Activity
Below are lines of data, and only some are wanted. Please repeat exactly those from the line that has "خانه برگشته است" through the line that has "elementi olduğu deyilir.".

+++ Information provided

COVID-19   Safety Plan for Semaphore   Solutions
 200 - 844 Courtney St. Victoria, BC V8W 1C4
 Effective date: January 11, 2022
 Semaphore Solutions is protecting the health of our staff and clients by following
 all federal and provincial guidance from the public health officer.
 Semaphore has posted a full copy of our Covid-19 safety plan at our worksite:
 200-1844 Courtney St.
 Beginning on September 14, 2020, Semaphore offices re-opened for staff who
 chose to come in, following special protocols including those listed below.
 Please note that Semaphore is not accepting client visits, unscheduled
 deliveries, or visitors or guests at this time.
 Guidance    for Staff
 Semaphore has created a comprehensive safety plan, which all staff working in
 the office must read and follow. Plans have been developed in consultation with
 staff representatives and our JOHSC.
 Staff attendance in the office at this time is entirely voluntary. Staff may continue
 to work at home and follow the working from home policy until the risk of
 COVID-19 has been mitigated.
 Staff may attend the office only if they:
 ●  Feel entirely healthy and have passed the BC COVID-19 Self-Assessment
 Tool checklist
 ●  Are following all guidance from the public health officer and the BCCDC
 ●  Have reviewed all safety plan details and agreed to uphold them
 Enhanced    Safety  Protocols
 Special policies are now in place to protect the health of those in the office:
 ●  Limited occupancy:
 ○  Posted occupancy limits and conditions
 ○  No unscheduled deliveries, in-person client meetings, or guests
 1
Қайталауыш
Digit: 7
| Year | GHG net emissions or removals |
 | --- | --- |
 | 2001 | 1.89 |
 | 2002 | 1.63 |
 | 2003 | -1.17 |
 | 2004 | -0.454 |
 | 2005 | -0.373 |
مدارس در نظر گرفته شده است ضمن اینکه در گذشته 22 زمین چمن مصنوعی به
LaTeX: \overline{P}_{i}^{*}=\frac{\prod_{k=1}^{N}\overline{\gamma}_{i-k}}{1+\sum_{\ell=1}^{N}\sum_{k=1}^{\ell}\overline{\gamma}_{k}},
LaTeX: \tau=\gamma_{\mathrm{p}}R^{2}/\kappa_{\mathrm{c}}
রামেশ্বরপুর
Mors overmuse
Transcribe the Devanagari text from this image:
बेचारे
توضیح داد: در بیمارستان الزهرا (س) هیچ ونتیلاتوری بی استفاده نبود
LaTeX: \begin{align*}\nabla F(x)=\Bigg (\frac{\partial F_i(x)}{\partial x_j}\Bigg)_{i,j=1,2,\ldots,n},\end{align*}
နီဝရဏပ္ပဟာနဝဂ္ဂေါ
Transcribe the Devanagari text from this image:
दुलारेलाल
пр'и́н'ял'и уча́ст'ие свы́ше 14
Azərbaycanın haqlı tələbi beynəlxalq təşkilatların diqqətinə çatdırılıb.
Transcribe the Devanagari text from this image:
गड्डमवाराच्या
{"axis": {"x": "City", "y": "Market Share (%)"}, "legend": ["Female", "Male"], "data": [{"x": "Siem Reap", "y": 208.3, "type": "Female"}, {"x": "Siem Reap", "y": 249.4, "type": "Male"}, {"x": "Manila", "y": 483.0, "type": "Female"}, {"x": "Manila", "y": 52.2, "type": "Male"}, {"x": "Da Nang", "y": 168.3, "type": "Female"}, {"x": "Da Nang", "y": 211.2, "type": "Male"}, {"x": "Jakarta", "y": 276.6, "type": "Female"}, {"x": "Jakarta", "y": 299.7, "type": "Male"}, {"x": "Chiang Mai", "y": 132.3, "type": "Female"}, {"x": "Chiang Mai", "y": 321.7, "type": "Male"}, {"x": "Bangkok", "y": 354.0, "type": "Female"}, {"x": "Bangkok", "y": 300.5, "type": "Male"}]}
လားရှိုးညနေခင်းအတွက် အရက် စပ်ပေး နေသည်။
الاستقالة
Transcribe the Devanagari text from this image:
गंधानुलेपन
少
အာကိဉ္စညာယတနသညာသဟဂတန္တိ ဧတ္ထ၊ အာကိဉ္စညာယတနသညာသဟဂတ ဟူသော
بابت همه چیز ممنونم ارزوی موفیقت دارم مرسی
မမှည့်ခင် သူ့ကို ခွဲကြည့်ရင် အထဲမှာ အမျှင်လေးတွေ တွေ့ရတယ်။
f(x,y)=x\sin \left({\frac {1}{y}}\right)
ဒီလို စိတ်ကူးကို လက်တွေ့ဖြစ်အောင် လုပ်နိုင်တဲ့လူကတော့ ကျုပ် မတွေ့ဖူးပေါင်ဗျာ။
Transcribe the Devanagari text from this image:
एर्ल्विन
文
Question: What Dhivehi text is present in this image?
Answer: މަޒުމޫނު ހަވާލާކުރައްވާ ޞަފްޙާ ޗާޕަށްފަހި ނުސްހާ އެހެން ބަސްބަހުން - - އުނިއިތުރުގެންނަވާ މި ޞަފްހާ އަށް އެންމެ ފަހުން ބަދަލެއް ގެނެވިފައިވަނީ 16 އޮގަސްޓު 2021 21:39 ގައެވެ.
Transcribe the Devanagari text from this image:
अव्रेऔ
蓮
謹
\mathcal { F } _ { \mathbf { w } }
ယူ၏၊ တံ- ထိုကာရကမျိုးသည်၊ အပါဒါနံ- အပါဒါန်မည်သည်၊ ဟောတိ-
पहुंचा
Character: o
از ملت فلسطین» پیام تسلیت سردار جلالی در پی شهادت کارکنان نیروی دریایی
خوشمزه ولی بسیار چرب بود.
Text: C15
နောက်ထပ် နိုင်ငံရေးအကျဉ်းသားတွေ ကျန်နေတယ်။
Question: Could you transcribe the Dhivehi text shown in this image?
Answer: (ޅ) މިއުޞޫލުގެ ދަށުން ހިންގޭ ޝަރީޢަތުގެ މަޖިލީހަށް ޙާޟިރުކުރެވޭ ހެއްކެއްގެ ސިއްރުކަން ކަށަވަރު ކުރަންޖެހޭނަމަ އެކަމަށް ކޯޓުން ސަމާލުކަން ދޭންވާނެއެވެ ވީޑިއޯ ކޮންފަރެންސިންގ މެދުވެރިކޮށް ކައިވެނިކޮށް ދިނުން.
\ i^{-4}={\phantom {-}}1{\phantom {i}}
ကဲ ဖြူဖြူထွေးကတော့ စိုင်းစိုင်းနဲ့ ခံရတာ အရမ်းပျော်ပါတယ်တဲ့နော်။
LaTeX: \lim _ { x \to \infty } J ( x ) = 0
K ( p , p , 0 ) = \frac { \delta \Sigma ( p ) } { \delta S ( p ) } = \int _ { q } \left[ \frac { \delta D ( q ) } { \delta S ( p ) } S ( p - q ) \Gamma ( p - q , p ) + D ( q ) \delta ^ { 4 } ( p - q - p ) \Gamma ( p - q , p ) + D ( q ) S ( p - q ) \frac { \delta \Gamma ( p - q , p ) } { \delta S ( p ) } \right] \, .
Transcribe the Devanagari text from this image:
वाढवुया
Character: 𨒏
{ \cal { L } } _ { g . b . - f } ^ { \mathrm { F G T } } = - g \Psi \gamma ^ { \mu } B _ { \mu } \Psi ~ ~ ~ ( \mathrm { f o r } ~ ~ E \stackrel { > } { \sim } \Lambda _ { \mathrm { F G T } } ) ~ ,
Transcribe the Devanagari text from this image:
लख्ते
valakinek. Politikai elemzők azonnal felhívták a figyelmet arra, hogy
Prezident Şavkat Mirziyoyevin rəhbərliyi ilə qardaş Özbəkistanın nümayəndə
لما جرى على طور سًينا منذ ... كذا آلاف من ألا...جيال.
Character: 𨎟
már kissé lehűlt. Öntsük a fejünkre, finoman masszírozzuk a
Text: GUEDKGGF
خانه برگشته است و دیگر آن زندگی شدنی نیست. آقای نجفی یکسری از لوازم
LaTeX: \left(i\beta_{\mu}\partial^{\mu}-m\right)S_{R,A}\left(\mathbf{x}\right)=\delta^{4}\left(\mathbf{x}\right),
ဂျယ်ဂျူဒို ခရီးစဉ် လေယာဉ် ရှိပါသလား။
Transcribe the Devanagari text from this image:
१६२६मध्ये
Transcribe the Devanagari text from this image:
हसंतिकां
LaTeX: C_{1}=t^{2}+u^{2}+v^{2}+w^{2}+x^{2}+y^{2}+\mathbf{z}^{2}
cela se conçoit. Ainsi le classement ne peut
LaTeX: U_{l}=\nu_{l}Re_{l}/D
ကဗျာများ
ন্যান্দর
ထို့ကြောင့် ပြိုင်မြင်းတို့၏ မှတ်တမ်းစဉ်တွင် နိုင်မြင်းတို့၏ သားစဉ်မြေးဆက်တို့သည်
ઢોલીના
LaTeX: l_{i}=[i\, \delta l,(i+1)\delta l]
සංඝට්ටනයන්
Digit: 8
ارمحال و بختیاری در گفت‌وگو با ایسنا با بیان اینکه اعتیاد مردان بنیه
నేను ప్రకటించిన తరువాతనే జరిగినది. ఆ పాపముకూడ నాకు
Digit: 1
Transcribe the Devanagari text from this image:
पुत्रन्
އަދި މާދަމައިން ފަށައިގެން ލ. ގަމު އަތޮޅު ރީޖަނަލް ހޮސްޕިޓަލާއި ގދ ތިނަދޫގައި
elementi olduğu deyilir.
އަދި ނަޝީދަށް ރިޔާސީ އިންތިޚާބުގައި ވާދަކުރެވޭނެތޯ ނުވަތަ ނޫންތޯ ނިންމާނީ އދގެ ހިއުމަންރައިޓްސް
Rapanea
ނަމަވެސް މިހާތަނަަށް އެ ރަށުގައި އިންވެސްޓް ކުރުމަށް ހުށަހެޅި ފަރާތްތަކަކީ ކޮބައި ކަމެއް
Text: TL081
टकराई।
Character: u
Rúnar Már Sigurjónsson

++++++

Solution to this exercise
خانه برگشته است و دیگر آن زندگی شدنی نیست. آقای نجفی یکسری از لوازم
LaTeX: \left(i\beta_{\mu}\partial^{\mu}-m\right)S_{R,A}\left(\mathbf{x}\right)=\delta^{4}\left(\mathbf{x}\right),
ဂျယ်ဂျူဒို ခရီးစဉ် လေယာဉ် ရှိပါသလား။
Transcribe the Devanagari text from this image:
१६२६मध्ये
Transcribe the Devanagari text from this image:
हसंतिकां
LaTeX: C_{1}=t^{2}+u^{2}+v^{2}+w^{2}+x^{2}+y^{2}+\mathbf{z}^{2}
cela se conçoit. Ainsi le classement ne peut
LaTeX: U_{l}=\nu_{l}Re_{l}/D
ကဗျာများ
ন্যান্দর
ထို့ကြောင့် ပြိုင်မြင်းတို့၏ မှတ်တမ်းစဉ်တွင် နိုင်မြင်းတို့၏ သားစဉ်မြေးဆက်တို့သည်
ઢોલીના
LaTeX: l_{i}=[i\, \delta l,(i+1)\delta l]
සංඝට්ටනයන්
Digit: 8
ارمحال و بختیاری در گفت‌وگو با ایسنا با بیان اینکه اعتیاد مردان بنیه
నేను ప్రకటించిన తరువాతనే జరిగినది. ఆ పాపముకూడ నాకు
Digit: 1
Transcribe the Devanagari text from this image:
पुत्रन्
އަދި މާދަމައިން ފަށައިގެން ލ. ގަމު އަތޮޅު ރީޖަނަލް ހޮސްޕިޓަލާއި ގދ ތިނަދޫގައި
elementi olduğu deyilir.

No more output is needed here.